START Task inputs
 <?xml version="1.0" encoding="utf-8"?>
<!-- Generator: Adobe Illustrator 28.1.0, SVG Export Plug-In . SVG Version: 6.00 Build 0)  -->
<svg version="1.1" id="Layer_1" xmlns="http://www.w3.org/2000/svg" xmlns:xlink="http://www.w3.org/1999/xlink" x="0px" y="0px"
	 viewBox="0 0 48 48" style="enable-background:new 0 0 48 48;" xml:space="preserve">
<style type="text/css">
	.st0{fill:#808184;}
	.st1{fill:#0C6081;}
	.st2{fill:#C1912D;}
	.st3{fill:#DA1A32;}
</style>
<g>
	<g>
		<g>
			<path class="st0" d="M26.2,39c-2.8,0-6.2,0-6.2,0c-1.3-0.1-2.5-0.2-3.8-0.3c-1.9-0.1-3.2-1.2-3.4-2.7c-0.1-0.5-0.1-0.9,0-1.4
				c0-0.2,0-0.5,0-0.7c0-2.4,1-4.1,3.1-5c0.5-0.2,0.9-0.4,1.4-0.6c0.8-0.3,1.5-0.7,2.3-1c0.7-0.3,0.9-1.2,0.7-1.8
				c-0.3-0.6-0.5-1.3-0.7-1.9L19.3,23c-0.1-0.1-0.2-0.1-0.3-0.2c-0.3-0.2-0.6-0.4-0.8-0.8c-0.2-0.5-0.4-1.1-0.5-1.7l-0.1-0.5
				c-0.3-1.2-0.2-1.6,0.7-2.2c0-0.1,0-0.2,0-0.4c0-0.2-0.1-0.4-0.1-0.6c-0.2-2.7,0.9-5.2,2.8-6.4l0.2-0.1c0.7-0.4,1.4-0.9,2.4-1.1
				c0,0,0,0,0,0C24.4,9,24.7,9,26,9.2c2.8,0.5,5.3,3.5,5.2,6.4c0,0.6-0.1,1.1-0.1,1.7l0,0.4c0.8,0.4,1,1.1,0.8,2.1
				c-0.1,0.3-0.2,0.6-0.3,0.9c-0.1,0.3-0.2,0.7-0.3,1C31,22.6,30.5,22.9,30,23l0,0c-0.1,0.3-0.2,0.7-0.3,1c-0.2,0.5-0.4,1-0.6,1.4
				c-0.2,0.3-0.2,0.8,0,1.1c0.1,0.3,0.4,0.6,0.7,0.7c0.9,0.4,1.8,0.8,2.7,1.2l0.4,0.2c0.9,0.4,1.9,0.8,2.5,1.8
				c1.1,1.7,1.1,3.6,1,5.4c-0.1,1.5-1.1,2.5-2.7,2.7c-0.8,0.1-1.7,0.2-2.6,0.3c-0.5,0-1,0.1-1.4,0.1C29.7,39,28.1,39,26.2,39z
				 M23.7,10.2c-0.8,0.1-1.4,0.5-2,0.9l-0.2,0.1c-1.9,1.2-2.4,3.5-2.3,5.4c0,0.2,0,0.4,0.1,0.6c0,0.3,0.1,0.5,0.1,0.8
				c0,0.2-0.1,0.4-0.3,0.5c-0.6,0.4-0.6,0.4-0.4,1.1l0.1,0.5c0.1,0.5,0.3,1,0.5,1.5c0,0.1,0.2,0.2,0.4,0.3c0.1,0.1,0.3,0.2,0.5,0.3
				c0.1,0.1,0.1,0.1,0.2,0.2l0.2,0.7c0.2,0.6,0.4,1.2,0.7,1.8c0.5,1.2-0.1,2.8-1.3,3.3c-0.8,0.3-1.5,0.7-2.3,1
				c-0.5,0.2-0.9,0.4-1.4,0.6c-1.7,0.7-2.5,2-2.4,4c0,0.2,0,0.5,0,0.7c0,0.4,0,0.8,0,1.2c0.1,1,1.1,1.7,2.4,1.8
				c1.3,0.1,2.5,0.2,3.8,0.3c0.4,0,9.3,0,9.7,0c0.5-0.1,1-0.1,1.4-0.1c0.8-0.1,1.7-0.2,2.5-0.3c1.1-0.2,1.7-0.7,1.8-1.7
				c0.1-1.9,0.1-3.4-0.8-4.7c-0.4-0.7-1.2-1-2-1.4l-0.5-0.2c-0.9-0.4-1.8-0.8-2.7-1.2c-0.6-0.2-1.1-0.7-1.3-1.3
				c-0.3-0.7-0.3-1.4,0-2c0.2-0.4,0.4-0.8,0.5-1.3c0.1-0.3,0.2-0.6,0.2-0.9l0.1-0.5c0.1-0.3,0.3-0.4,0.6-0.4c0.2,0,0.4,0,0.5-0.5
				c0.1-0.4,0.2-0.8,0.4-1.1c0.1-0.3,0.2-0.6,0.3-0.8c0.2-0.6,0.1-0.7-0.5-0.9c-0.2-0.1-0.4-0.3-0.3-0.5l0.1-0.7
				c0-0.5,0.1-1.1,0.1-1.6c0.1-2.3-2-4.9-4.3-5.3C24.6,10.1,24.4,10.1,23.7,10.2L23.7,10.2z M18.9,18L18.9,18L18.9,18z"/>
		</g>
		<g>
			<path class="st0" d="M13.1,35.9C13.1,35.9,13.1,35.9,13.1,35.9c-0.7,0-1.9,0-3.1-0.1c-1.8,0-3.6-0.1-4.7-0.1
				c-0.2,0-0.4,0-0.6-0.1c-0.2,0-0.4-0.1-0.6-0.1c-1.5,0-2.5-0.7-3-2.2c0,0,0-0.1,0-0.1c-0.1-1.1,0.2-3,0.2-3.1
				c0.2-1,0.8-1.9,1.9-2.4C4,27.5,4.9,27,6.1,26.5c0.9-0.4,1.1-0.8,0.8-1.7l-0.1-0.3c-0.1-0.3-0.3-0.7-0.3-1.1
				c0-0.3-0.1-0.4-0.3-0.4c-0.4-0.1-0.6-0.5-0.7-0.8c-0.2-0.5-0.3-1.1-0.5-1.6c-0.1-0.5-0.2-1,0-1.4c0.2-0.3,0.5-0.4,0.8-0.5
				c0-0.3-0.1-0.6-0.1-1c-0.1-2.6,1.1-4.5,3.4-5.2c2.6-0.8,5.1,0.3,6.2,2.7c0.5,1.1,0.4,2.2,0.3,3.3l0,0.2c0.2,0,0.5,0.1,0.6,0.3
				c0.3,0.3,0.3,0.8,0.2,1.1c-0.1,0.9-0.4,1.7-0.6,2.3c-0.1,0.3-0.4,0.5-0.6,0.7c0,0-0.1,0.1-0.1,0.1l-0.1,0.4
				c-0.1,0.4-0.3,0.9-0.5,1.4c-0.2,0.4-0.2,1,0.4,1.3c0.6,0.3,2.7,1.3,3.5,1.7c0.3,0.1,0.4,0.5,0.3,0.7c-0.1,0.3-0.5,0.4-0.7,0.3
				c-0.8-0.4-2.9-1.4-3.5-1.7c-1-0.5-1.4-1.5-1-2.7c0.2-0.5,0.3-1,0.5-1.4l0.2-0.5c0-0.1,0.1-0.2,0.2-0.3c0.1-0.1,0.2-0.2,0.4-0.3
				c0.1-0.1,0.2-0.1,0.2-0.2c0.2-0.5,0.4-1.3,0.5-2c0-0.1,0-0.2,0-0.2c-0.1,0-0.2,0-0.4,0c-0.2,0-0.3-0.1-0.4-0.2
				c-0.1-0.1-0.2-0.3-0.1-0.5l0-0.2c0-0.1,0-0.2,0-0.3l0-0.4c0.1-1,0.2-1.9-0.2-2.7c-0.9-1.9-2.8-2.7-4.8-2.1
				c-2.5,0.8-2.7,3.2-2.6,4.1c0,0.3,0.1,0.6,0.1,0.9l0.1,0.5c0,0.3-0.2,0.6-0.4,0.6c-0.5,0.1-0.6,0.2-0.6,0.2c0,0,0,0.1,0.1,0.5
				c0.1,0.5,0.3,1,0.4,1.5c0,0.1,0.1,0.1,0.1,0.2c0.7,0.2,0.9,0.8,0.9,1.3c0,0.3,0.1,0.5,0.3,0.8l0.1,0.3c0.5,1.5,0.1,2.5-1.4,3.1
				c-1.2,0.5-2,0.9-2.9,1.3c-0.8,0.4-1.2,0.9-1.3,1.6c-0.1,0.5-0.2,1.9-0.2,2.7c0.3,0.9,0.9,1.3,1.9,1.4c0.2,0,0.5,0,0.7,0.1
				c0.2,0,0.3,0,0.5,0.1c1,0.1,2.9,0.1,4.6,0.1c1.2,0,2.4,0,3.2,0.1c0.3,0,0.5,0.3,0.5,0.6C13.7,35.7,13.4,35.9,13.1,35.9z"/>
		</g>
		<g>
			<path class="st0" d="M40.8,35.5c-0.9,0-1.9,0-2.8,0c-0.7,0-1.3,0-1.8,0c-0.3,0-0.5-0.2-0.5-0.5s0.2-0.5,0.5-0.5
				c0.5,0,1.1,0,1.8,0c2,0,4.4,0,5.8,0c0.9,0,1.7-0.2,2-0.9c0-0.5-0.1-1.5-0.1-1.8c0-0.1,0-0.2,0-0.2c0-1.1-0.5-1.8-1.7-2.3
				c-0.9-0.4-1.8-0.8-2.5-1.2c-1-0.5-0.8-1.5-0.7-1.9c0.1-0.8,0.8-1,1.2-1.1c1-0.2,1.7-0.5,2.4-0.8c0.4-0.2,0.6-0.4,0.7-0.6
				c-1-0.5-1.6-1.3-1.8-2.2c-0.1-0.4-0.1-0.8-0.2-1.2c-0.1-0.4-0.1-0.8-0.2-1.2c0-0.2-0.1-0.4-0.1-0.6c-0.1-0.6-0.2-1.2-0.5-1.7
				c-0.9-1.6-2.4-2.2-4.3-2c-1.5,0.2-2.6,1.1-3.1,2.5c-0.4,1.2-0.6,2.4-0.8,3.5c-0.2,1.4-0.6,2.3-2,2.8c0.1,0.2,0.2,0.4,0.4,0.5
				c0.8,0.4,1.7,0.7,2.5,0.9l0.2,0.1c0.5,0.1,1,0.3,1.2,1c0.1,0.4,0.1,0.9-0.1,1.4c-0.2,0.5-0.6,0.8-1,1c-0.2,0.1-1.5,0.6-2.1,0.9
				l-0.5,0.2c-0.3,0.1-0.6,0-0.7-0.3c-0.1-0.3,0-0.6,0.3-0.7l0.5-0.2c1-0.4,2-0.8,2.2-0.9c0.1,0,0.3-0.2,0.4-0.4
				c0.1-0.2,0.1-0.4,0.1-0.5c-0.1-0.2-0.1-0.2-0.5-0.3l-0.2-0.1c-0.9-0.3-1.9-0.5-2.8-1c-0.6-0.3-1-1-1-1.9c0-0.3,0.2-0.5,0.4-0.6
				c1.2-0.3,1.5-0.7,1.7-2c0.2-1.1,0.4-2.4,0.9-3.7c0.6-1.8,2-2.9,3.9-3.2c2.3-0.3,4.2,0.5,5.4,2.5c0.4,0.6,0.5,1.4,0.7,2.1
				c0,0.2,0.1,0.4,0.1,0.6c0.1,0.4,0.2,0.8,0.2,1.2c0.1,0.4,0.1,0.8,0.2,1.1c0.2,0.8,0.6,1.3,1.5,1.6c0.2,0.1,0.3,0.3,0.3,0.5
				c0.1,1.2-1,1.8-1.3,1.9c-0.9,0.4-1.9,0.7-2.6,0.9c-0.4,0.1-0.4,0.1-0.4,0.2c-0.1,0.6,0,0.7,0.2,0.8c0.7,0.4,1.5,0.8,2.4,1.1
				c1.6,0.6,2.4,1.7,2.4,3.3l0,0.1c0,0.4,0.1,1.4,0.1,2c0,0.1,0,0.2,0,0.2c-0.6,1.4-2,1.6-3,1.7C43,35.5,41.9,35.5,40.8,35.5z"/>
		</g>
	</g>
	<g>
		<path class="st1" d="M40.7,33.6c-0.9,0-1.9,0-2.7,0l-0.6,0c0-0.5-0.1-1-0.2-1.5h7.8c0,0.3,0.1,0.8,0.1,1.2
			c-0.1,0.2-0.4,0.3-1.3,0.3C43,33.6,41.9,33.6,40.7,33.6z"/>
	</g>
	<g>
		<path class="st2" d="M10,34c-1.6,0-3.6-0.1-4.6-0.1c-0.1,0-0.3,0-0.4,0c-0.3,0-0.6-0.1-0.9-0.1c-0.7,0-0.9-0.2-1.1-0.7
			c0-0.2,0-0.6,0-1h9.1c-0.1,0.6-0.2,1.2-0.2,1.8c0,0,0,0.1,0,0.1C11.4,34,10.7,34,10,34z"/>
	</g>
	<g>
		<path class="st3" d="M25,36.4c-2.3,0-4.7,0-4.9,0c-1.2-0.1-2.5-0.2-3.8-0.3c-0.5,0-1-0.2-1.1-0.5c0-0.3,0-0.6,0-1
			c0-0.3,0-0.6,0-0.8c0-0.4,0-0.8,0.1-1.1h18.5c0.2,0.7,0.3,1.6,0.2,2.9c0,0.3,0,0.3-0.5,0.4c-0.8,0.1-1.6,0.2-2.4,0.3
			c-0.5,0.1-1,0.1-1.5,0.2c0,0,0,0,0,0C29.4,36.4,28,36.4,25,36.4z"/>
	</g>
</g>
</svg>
END Task inputs
** What this task involves **
From the listing above, pick out each line where the word "style" appears.

** Response to the task **
	 viewBox="0 0 48 48" style="enable-background:new 0 0 48 48;" xml:space="preserve">
<style type="text/css">
</style>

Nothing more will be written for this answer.